Watch Matt Damon and Casey Affleck stagger, scramble and trudge through the desert in Gerry to forget the snow that you staggered, scrambled and trudged through to see it. If that reasoning's too circuitous for you, though, skip the movie; it's deeply self-referential and hermetic. It's the kind of film where half of the audience got there half an hour early, all eager, and half got there three minutes early, sure they'll be the only ones there. Even with an audience pre-sorted by reviewer warnings that Gerry could be a walkout movie, the Gerrys in front of us walked out.
To hear Gus Van Sant talk about it, making Gerry's the same directorial reboot that Steven Soderbergh got from Full Frontal, questioning his way to some essence, a filmmaking stripped of its accreted editing, language and genre conventions which result in product "as uniform as a McDonaldís hamburger."
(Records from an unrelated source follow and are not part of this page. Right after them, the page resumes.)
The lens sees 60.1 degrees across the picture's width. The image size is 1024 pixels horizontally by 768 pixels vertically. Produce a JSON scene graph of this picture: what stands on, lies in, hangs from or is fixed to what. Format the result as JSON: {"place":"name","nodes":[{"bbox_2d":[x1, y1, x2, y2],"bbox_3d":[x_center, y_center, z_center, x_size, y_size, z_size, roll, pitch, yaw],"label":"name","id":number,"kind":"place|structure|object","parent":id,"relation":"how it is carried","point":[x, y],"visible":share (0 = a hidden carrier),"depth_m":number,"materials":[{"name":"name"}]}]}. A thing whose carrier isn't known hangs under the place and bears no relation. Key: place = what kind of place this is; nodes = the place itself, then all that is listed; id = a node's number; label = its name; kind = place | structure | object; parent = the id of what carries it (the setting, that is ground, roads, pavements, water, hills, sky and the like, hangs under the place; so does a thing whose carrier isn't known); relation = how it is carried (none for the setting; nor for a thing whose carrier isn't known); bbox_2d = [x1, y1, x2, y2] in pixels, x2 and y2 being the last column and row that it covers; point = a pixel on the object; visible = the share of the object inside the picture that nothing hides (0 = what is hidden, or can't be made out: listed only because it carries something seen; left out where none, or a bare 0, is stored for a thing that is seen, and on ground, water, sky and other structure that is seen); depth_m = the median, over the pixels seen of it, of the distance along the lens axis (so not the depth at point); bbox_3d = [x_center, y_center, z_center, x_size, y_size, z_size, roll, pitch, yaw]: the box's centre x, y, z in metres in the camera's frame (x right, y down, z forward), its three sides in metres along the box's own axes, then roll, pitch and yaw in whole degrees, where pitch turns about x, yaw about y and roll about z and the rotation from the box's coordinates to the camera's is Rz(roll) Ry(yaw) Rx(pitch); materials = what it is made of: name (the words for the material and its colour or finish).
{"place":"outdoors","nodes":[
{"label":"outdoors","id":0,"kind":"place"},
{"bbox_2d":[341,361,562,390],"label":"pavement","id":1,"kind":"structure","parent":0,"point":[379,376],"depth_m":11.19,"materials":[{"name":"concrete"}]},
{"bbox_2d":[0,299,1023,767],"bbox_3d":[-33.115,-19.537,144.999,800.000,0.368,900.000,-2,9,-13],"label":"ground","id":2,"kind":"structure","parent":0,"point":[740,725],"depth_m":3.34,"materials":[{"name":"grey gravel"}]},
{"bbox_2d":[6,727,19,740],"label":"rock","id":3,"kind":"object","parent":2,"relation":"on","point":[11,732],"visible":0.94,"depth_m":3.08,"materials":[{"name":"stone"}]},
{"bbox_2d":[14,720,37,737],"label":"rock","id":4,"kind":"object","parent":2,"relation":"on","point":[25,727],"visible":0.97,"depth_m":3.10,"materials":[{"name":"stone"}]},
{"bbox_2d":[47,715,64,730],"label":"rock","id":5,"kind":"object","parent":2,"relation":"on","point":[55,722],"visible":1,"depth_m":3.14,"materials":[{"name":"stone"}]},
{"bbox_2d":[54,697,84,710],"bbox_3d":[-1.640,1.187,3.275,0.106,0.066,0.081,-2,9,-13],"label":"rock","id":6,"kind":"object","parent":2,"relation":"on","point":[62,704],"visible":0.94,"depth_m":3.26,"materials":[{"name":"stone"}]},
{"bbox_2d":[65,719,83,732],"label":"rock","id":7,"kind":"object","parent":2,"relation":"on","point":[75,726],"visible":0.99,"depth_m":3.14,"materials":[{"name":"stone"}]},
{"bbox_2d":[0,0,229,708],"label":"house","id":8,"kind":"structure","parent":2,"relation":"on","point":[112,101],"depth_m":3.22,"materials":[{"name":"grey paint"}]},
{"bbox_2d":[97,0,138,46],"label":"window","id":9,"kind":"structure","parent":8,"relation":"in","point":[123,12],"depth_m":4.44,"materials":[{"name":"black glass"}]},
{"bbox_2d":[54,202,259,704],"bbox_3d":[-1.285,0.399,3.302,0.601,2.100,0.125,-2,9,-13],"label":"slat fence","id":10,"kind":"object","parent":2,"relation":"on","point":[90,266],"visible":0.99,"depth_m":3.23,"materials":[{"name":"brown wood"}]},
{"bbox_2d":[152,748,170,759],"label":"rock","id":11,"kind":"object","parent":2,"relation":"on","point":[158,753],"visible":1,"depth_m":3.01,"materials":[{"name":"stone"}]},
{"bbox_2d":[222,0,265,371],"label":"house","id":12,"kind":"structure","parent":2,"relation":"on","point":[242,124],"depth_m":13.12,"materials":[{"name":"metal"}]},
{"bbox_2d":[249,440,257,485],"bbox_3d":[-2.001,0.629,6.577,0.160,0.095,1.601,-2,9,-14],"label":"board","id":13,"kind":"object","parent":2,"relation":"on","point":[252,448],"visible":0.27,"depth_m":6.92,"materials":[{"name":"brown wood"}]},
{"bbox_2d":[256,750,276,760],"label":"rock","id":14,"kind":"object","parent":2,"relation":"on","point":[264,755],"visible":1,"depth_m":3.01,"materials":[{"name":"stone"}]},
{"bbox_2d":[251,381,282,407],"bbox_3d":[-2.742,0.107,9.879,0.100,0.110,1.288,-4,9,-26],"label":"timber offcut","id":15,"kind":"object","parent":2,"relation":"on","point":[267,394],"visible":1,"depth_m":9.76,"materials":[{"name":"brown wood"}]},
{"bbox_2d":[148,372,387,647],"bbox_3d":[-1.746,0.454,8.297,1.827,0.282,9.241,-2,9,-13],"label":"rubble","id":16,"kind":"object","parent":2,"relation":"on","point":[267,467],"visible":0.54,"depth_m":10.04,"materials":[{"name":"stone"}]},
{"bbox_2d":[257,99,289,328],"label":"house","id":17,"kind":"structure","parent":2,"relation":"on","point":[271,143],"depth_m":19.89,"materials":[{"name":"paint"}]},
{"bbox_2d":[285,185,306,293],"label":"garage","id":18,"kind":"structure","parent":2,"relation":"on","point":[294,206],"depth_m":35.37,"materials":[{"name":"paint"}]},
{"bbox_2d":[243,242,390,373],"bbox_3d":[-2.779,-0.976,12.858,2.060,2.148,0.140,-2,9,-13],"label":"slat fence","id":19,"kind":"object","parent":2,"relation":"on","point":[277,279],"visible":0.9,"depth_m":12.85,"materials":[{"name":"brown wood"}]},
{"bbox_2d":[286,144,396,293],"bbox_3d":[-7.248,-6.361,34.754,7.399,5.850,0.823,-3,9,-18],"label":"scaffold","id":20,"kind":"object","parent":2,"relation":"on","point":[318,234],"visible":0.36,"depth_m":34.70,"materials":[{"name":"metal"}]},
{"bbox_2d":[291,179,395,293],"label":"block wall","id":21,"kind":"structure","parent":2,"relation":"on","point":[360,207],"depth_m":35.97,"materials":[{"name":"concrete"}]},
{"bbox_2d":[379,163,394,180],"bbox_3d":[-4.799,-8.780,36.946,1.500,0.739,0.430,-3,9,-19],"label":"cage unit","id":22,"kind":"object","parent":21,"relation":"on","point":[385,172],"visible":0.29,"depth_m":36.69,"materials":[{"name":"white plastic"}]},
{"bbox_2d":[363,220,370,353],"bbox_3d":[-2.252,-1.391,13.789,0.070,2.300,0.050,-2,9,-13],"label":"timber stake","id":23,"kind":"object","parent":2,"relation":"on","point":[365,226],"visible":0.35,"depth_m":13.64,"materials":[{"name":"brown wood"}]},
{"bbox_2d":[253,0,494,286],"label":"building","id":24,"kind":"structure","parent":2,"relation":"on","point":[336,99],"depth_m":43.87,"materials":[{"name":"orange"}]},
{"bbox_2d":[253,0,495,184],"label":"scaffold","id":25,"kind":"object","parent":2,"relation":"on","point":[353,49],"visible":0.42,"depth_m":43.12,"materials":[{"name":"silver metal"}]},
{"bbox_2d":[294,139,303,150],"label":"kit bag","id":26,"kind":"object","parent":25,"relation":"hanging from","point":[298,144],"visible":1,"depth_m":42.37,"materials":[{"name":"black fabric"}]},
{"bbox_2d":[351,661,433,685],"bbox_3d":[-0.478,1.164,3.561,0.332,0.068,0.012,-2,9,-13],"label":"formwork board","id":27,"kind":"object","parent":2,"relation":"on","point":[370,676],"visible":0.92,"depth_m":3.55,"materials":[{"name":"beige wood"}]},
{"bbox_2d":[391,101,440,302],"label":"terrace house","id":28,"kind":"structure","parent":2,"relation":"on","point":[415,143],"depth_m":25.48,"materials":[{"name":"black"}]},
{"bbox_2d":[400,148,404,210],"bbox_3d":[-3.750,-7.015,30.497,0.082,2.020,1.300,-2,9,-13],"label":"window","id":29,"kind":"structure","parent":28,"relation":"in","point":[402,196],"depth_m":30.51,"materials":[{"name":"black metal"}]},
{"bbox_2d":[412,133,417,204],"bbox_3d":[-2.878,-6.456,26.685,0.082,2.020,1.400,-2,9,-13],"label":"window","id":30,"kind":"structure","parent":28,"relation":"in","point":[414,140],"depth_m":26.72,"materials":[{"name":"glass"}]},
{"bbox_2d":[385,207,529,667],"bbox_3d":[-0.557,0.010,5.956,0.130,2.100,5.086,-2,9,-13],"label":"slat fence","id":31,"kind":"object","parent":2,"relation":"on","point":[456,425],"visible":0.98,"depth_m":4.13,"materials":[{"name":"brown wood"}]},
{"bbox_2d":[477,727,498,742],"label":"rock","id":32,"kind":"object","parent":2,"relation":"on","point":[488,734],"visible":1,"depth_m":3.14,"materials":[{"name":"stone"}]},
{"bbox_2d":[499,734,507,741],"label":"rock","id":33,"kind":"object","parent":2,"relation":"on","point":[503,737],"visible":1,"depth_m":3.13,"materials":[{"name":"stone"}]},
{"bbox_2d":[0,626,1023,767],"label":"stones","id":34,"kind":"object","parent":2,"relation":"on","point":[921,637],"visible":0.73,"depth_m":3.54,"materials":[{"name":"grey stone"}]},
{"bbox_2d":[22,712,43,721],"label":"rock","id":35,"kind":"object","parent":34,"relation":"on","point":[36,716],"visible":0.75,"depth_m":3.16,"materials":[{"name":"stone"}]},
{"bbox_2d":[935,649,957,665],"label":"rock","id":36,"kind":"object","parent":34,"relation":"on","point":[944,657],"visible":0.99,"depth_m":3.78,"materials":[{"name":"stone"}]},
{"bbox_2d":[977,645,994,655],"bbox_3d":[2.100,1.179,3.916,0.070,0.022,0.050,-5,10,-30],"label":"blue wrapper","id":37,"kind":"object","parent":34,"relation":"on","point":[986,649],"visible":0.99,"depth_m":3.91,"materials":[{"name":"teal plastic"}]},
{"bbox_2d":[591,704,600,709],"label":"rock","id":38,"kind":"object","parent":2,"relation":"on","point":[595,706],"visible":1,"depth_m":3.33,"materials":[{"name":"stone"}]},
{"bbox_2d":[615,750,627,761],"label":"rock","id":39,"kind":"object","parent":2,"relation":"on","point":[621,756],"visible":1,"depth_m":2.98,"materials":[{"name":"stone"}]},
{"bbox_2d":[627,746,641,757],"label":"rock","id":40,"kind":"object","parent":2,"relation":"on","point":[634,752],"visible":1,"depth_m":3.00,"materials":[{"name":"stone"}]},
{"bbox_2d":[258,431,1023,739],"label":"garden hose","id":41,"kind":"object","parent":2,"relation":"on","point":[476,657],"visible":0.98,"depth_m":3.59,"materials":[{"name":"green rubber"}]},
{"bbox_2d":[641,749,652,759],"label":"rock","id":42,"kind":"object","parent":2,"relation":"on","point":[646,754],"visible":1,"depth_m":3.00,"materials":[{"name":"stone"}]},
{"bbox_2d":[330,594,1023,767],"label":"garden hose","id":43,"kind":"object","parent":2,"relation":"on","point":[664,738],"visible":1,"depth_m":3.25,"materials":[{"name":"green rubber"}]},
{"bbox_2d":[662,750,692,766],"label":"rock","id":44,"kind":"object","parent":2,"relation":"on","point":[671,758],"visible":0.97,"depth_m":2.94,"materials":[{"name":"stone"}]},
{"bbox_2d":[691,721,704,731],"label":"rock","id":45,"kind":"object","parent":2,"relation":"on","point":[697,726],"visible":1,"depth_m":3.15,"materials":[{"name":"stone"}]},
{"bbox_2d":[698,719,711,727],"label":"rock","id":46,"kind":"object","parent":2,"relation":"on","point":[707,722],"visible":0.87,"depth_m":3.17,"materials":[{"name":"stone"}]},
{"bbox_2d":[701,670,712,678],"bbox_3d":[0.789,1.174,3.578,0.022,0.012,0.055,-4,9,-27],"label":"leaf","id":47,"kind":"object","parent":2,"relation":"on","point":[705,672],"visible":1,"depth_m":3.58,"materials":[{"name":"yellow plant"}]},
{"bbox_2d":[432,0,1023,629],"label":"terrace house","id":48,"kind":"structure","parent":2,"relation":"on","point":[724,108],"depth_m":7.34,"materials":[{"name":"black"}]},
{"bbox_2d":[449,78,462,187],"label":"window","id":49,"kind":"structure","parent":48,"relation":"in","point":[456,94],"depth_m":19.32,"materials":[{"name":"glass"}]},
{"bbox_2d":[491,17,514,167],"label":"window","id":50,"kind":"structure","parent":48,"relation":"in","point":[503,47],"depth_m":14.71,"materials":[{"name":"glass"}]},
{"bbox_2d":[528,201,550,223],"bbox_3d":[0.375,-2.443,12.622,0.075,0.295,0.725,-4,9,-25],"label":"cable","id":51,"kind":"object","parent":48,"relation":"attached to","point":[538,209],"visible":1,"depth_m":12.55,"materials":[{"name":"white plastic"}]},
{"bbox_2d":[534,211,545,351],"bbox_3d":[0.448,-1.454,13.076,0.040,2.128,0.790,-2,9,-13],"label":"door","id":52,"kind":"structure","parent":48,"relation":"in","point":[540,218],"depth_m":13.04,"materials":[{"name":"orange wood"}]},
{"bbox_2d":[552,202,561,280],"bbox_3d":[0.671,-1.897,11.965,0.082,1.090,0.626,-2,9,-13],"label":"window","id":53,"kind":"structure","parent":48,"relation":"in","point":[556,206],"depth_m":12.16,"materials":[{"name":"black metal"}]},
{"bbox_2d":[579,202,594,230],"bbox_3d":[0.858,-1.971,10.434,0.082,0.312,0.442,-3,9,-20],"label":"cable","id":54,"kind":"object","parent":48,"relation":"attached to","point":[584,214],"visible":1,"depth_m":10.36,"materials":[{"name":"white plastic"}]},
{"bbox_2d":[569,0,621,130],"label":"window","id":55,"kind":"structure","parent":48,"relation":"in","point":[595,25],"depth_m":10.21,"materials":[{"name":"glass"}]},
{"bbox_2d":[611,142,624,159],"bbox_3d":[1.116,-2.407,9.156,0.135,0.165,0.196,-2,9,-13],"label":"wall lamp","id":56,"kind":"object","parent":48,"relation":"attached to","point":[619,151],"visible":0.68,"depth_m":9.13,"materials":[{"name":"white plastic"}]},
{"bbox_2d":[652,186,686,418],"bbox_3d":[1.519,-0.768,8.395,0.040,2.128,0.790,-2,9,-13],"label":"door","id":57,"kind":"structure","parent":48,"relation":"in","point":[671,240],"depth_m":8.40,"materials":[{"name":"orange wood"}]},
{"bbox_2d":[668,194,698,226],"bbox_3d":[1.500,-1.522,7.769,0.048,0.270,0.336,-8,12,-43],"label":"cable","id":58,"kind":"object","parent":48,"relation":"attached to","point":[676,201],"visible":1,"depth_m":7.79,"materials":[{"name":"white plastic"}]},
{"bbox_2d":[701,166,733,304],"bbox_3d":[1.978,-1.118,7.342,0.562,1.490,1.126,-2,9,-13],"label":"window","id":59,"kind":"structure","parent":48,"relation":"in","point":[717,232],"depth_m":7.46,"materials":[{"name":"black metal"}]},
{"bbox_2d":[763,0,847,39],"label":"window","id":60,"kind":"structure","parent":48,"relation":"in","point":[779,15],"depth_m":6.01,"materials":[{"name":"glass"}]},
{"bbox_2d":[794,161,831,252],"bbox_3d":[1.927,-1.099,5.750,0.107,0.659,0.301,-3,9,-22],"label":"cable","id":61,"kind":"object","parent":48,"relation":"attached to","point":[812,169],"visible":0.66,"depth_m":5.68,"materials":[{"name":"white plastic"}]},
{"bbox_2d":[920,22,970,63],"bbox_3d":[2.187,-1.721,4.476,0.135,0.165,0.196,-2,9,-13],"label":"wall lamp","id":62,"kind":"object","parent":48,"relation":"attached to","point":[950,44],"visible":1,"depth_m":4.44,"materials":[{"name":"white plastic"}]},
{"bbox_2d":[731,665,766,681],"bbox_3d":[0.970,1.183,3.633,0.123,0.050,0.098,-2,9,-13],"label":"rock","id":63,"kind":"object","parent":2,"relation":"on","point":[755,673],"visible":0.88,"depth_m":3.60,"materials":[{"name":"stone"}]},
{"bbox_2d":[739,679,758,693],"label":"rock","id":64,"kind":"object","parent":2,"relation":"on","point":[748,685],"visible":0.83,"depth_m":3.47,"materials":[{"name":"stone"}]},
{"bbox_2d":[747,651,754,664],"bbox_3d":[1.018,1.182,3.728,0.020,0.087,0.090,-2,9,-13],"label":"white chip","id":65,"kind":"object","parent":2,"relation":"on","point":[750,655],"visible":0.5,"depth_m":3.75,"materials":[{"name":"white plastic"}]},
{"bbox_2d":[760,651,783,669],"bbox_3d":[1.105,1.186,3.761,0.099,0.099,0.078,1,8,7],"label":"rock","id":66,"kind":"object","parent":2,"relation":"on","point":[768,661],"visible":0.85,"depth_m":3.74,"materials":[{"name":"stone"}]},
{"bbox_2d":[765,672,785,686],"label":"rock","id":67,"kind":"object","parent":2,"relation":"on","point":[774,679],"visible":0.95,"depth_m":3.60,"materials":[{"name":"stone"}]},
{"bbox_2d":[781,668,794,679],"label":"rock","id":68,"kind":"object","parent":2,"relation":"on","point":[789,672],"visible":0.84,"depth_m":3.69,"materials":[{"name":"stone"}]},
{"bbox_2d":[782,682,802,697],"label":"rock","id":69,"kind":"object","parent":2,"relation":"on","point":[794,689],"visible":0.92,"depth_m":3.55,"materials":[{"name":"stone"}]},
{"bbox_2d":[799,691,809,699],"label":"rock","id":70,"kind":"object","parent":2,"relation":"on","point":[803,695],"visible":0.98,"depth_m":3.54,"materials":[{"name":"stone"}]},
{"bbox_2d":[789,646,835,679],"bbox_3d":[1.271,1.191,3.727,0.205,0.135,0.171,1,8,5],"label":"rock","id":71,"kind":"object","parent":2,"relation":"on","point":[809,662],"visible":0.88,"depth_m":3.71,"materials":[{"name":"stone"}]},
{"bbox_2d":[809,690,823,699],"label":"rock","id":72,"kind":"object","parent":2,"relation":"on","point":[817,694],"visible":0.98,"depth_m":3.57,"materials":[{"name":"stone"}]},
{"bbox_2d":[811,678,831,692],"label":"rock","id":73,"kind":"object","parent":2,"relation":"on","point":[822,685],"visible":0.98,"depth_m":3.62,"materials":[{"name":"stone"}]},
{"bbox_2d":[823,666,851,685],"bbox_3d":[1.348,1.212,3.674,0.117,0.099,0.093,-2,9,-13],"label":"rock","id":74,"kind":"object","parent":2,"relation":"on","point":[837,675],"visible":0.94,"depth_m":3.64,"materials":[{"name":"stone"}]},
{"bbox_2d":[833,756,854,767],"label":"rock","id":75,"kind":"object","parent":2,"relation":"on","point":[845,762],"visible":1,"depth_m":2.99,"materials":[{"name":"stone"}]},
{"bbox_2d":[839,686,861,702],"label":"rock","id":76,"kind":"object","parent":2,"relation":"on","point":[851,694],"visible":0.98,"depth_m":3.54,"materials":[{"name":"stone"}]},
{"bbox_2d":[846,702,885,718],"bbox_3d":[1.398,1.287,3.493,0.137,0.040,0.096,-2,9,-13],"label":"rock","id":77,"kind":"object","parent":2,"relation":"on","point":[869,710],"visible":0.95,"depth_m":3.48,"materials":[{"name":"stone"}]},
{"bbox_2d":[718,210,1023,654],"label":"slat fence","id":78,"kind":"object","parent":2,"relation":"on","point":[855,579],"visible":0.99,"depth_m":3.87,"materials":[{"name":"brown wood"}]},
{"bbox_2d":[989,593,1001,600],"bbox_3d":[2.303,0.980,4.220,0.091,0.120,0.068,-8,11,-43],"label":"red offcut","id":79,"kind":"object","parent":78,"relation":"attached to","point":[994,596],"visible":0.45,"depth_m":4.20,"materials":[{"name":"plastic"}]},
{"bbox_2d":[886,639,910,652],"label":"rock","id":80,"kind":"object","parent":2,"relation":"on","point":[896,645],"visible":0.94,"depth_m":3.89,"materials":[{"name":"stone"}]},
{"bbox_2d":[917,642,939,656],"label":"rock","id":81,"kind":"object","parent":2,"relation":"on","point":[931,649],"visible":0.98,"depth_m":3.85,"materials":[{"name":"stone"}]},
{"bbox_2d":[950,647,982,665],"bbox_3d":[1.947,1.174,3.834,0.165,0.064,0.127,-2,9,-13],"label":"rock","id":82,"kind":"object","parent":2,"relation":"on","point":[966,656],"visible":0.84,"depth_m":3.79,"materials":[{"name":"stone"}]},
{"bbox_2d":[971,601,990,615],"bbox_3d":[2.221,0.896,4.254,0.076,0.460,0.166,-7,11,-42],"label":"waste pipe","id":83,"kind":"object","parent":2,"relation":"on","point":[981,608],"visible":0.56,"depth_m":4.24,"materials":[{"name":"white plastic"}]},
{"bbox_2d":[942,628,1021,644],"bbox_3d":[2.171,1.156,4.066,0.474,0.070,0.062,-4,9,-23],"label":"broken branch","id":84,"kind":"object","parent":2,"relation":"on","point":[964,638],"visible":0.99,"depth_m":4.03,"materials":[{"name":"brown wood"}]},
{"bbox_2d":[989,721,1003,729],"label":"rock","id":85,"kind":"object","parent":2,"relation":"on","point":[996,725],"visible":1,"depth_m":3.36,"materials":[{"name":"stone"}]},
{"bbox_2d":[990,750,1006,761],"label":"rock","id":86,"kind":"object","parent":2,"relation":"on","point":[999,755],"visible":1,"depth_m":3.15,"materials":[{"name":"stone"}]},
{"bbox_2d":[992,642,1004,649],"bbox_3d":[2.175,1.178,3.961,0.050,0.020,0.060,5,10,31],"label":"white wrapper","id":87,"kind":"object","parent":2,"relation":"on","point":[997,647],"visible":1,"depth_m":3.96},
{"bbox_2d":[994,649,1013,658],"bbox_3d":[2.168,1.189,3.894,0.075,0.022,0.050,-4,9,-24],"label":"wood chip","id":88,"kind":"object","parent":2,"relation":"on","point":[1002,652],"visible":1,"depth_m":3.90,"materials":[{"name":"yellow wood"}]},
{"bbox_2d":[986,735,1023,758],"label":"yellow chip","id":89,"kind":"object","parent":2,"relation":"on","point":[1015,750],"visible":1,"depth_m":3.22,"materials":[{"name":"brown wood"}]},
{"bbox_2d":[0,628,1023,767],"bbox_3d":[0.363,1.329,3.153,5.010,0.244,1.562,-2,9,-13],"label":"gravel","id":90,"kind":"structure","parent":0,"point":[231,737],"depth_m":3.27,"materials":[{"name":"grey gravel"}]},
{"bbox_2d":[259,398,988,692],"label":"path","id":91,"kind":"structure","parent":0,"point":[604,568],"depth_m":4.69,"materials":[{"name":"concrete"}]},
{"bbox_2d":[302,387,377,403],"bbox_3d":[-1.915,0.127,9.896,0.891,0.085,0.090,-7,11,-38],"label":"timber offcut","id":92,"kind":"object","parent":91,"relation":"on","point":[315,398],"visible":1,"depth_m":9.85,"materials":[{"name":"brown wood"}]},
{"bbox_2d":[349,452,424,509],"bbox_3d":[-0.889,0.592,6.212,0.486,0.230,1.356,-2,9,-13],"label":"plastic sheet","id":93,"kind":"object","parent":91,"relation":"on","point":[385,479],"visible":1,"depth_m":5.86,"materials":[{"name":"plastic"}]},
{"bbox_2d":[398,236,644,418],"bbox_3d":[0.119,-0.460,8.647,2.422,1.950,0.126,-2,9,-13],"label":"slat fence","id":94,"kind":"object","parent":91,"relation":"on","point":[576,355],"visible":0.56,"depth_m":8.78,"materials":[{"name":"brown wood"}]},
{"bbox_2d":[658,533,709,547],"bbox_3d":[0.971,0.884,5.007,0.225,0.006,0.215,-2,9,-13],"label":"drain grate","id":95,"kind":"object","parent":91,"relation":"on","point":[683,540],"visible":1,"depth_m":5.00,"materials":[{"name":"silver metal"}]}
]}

Van Sant's"real-time filmmaking" (translation: wordless seven-minute takes) references Andrei Tarkovsky and Bela Tarr, whose films, you pretend you've seen (or whose films you've actually seen and fallen asleep in). But Gerry also reveals a far more popular inspiration, one that's as meaningless to film critics as Bela Tarr comments on American Idol: computer games.
Gerry's another example, then, of the language of videogames influencing film. Questions of character and motivation become as relevant for Gerry as they are for Mario ("But why is he trying to get past the monkey?"). It's a movie that suceeds on its own terms, and that creates an engrossing bridge between two wildly popular mediums.